We see that in this example, “계” (gyae) did not get any iso3c country code. This is because the iso3c_kr function could not find the iso3c country code for this entry. This is because, it is not a country name. “계” means total. It is best to check the data to see which entries did not get an iso3c code.

Show the code
missing_iso3c <- trade %>% filter(is.na(iso3c)) %>% pull(country_kr) %>% unique()

paste(missing_iso3c, collapse = ", ")
[1] "계, 국제통화기금, 기타, 기타국"

They mean “total”, “IMF”, “other”, and “other countries” in Korean. In other words, we are not missing any countries, which is good.

Now let’s convert the Korean country names in the aid data into iso3c country codes:

Show the code
aid %<>% set_names(c("country_kr", "sector", "no_of_projects", "aid_usd", "aid_krw"))

aid <- iso3c_kr(aid, "country_kr") #you copy paste the column name that has the Korean country names.

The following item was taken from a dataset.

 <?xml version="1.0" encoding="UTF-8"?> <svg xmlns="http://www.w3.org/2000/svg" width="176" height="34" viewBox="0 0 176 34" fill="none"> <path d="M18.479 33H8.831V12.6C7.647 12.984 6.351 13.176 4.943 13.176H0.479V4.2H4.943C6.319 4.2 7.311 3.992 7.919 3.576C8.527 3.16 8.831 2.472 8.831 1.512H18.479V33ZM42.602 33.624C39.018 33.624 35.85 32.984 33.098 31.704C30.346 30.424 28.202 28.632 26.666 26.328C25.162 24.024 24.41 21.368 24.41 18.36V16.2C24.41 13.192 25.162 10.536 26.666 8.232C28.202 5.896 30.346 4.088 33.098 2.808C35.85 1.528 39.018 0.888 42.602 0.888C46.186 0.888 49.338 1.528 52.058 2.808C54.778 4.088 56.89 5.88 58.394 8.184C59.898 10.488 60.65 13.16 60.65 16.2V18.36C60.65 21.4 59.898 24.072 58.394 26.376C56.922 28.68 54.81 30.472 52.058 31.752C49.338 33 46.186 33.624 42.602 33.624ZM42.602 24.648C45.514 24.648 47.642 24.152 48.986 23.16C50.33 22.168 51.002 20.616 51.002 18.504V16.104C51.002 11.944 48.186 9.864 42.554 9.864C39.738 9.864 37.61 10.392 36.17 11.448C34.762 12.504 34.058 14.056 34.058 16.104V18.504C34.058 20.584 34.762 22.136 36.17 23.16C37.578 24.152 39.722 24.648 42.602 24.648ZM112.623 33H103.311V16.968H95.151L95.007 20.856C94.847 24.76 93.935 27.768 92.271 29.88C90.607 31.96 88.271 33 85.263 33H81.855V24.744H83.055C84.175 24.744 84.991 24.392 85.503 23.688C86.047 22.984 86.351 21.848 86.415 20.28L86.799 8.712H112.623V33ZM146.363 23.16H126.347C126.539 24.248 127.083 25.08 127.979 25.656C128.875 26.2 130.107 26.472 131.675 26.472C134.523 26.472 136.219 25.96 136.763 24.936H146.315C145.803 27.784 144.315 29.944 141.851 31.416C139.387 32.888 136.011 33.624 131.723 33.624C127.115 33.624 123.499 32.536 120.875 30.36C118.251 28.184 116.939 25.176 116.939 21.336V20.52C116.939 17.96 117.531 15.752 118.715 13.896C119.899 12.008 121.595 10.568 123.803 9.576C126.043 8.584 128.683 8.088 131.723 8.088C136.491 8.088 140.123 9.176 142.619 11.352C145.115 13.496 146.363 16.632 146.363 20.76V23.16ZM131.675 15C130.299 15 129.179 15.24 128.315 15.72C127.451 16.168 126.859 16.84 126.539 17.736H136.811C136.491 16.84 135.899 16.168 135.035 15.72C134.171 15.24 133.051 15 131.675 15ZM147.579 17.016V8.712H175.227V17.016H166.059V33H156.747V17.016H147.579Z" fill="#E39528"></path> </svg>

aid[c(50, 150, 250, 350, 450, 550),c(1, 6, 2:5)] %>% gt::gt()
country_kr iso3c sector no_of_projects aid_usd aid_krw
베트남 VNM 통신정책, 계획 및 행정(voluntary code) 2 232334 270736486
캄보디아 KHM 11321 1 85815 99999361
미얀마 MMR 사회보호/보장 1 103460 120560903
라오스 LAO 비정규 농업훈련 1 107958 125802378
몽골 MNG 의료서비스 5 511824 596423389
필리핀 PHL 농업용수자원 2 0 0

Once you know the iso3c country codes, you can get the English country names, or other country codes (such as Correlates of War country codes) using the countrycode package, for example.

Show the code
trade <- trade %>% mutate(country_name = countrycode::countrycode(iso3c, origin = "iso3c", destination = "country.name"))

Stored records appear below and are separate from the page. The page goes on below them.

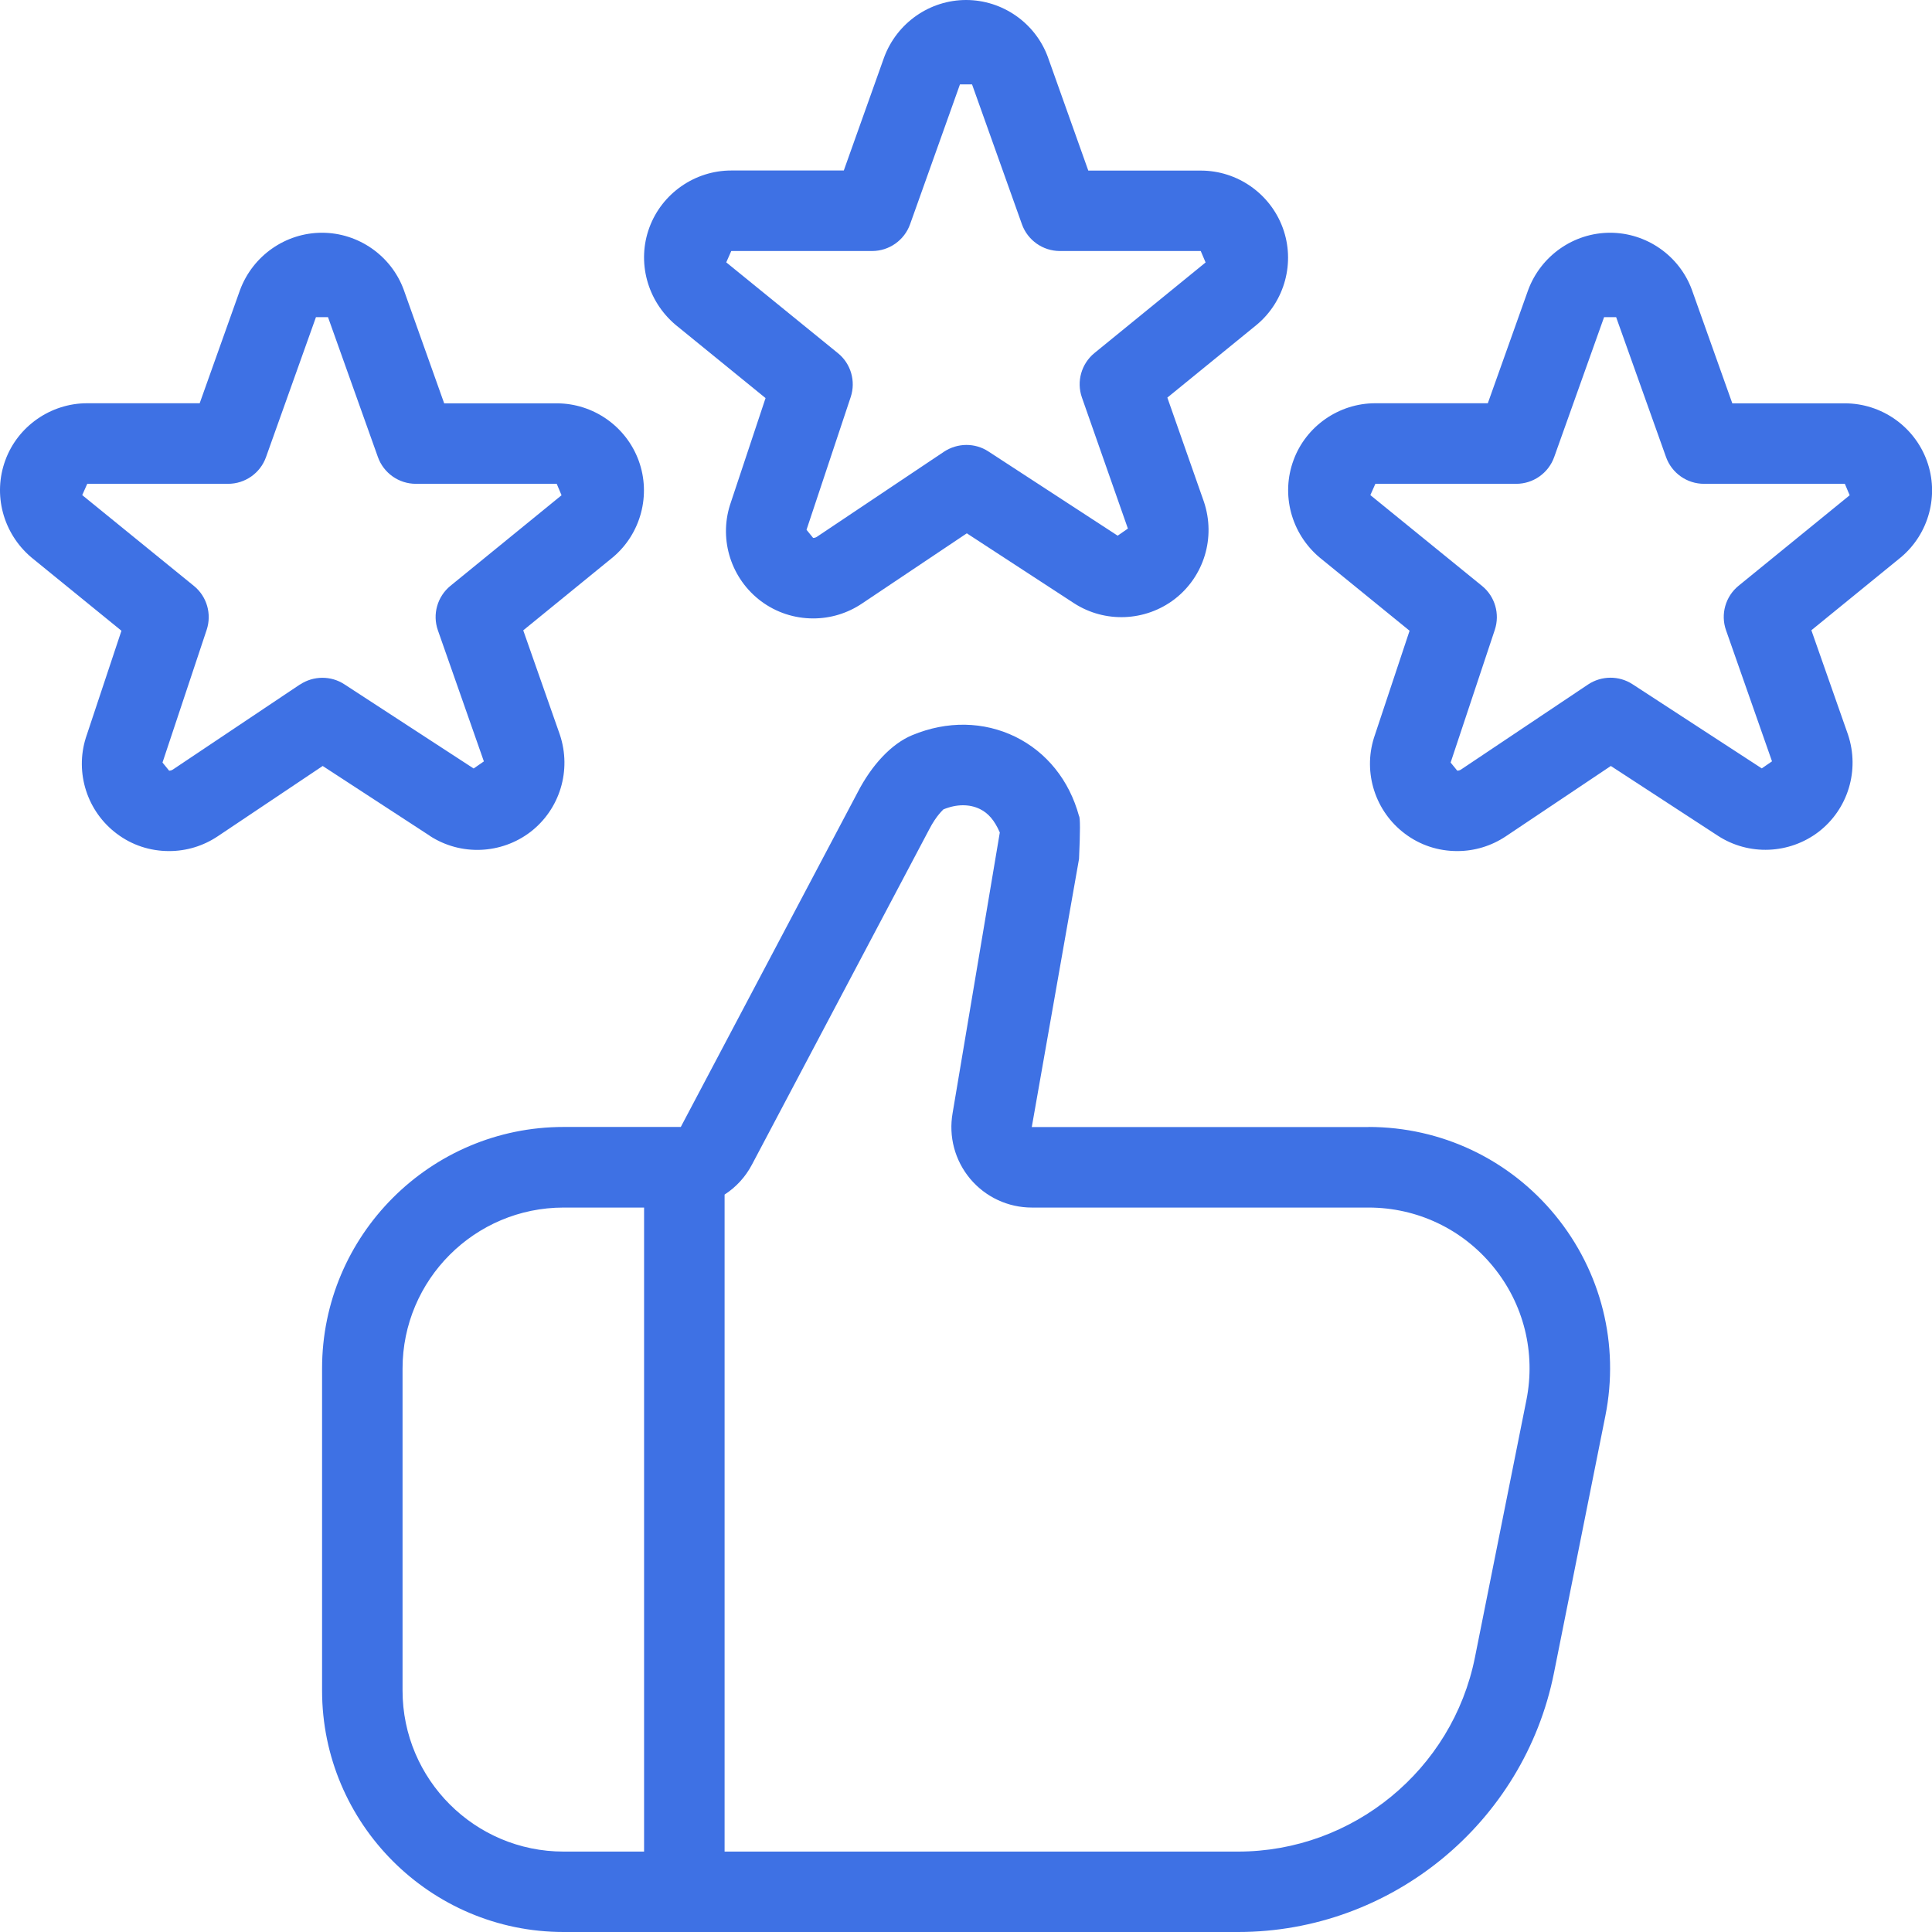 <svg width="64" height="64" viewBox="0 0 64 64" fill="none" xmlns="http://www.w3.org/2000/svg">
<g clip-path="url(#clip0_9580_46188)">
<path d="M22.376 10.758L25.36 13.187L24.181 16.731C23.813 17.899 24.227 19.177 25.208 19.913C25.712 20.289 26.312 20.486 26.939 20.486C27.512 20.486 28.067 20.318 28.547 19.998L32.027 17.667L35.574 19.98C36.6 20.646 37.942 20.59 38.912 19.846C39.883 19.097 40.278 17.811 39.883 16.627L38.67 13.171L41.641 10.75C42.566 9.971 42.91 8.686 42.494 7.55C42.078 6.414 40.99 5.651 39.779 5.651H36.051L34.71 1.885C34.294 0.757 33.206 0 32.003 0C30.8 0 29.712 0.757 29.288 1.899L27.952 5.648H24.224C23.016 5.648 21.928 6.408 21.512 7.536C21.093 8.667 21.432 9.958 22.376 10.758ZM24.224 8.315H28.891C29.453 8.315 29.957 7.96 30.147 7.43L31.8 2.795H32.2L33.853 7.43C34.043 7.96 34.547 8.315 35.11 8.315H39.776L39.937 8.694L36.256 11.694C35.822 12.049 35.654 12.638 35.84 13.168L37.363 17.51L37.024 17.745L32.742 14.955C32.294 14.662 31.718 14.67 31.272 14.963L27.061 17.782C27.013 17.814 26.968 17.819 26.936 17.819L26.717 17.55L28.181 13.152C28.355 12.627 28.187 12.046 27.757 11.699L24.058 8.691L24.224 8.315ZM63.828 15.259C63.412 14.123 62.324 13.361 61.113 13.361H57.385L56.044 9.595C55.628 8.467 54.54 7.71 53.337 7.71C52.134 7.71 51.046 8.467 50.622 9.608L49.286 13.358H45.558C44.35 13.358 43.259 14.121 42.849 15.246C42.43 16.379 42.766 17.665 43.71 18.465L46.694 20.894L45.515 24.438C45.147 25.606 45.561 26.884 46.539 27.617C47.041 27.996 47.641 28.193 48.273 28.193C48.846 28.193 49.401 28.025 49.881 27.705L53.361 25.374L56.908 27.686C57.932 28.353 59.276 28.297 60.247 27.553C61.217 26.804 61.612 25.518 61.217 24.334L60.004 20.878L62.975 18.457C63.9 17.678 64.244 16.395 63.828 15.259ZM57.593 19.404C57.158 19.758 56.99 20.348 57.177 20.878L58.7 25.22L58.361 25.454L54.078 22.665C53.63 22.374 53.052 22.38 52.609 22.673L48.398 25.492C48.35 25.524 48.305 25.529 48.273 25.529L48.054 25.26L49.518 20.862C49.691 20.337 49.523 19.756 49.094 19.409L45.395 16.401L45.561 16.027H50.228C50.79 16.027 51.294 15.673 51.484 15.142L53.137 10.507H53.537L55.19 15.142C55.38 15.673 55.884 16.027 56.447 16.027H61.113L61.273 16.406L57.593 19.404ZM14.237 27.689C15.263 28.356 16.605 28.3 17.576 27.556C18.546 26.806 18.941 25.521 18.546 24.337L17.333 20.881L20.304 18.459C21.229 17.681 21.573 16.395 21.157 15.259C20.741 14.123 19.653 13.361 18.442 13.361H14.714L13.373 9.595C12.957 8.467 11.869 7.71 10.666 7.71C9.463 7.71 8.375 8.467 7.951 9.608L6.615 13.358H2.887C1.679 13.358 0.588 14.121 0.177 15.246C-0.241 16.379 0.095 17.665 1.039 18.465L4.023 20.894L2.844 24.438C2.476 25.606 2.89 26.884 3.868 27.617C4.37 27.996 4.97 28.193 5.602 28.193C6.175 28.193 6.73 28.025 7.21 27.705L10.69 25.374L14.237 27.686V27.689ZM9.938 22.673L5.727 25.492C5.679 25.524 5.634 25.529 5.602 25.529L5.383 25.26L6.847 20.862C7.02 20.337 6.852 19.756 6.423 19.409L2.724 16.401L2.89 16.027H7.556C8.119 16.027 8.623 15.673 8.812 15.142L10.466 10.507H10.866L12.519 15.142C12.709 15.673 13.213 16.027 13.775 16.027H18.442L18.602 16.406L14.922 19.406C14.487 19.761 14.319 20.35 14.506 20.881L16.029 25.222L15.69 25.457L11.407 22.668C10.962 22.377 10.383 22.382 9.938 22.676V22.673ZM45.334 37.335H34.179L35.744 28.454C35.785 27.551 35.785 27.078 35.744 27.033C35.422 25.849 34.672 24.916 33.635 24.406C32.584 23.894 31.373 23.873 30.219 24.353C29.541 24.633 28.88 25.332 28.408 26.252L22.552 37.332H18.669C14.258 37.332 10.669 40.922 10.669 45.333V56C10.669 60.41 14.258 64 18.669 64H41.014C46.081 64 50.481 60.392 51.476 55.424L53.18 46.901C53.652 44.541 53.046 42.122 51.521 40.26C49.995 38.399 47.742 37.332 45.334 37.332V37.335ZM13.335 56.002V45.335C13.335 42.394 15.727 40.002 18.669 40.002H21.336V61.336H18.669C15.727 61.336 13.335 58.944 13.335 56.002ZM50.564 46.381L48.859 54.904C48.113 58.629 44.814 61.336 41.014 61.336H24.003V39.572C24.378 39.33 24.693 38.991 24.909 38.58L30.776 27.484C31.027 26.993 31.261 26.814 31.248 26.814C31.683 26.633 32.112 26.63 32.462 26.801C32.728 26.932 32.939 27.161 33.12 27.577L31.557 36.868C31.419 37.647 31.629 38.439 32.139 39.05C32.648 39.655 33.392 40.002 34.182 40.002H45.337C46.942 40.002 48.444 40.714 49.459 41.954C50.478 43.194 50.878 44.807 50.564 46.381Z" fill="#3E71E4"/>
</g>
<defs>
<clipPath id="clip0_9580_46188">
<rect width="64.003" height="64" fill="white"/>
</clipPath>
</defs>
</svg>

trade[c(50, 150, 250, 350, 450, 550),c(1, 5, 6, 2:4)] %>% gt::gt()
country_kr iso3c country_name year export_kosis import_kosis
NA NA 2014 572664607000 525514506000
아랍에미리트 연합 ARE United Arab Emirates 1996 1377933000 2259205000
앤티가바부다 ATG Antigua & Barbuda 1978 NA NA
앵귈라 AIA Anguilla 2019 817000 1000
아르메니아 ARM Armenia 2001 1255000 43000
앙골라 AGO Angola 1983 235000 NA

More importantly, this function allows users to be able to join different datasets that have Korean country names. For example, one can join the trade data with the aid data using the iso3c country codes. In this example, I will join the trade data with the aid data using the iso3c country codes.

Show the code
# now that I think about it, this sample data is only 2019.

aid$year <- 2019

trade_aid <- trade %>% left_join(aid, by = c("iso3c", "year"), suffix = c("", "_aid"))

trade_aid %>%
  filter(year == 2019 & !is.na(iso3c)) %>%
  slice(c(50, 150, 250, 350, 450, 550)) %>%
  select(c(1, 5, 6, 2:4, 8, 10)) %>%
  gt::gt()
country_kr iso3c country_name year export_kosis import_kosis sector aid_usd
아르메니아 ARM Armenia 2019 12729000 16743000 전문대,대학(원) 교육 119069
방글라데시 BGD Bangladesh 2019 1282342000 404703000 건설정책 및 행정관리 46251
볼리비아 BOL Bolivia 2019 30434000 450576000 환경정책 및 행정관리 80969
코트디부아르 CIV Côte d’Ivoire 2019 136494000 5264000 교육정책 및 행정관리 30096
콜롬비아 COL Colombia 2019 1143075000 718214000 성인 기초생활교육 62976
알제리 DZA Algeria 2019 700918000 1746239000 레크리에이션 및 스포츠(voluntary code) 22312

Voilà! Now we have a dataset that has both trade and aid data, both of which originally did not have consistent country names or country codes. I plan to add warning messages to the iso3c_kr function to make it easier to spot potential issues with the conversion of Korean country names. I will continue to update the Korean country name dataset in the kdiplo package as I come across new data sources. Feel free to report unavailable country names in the iso3c_kr function to me using the issue tracker on Github.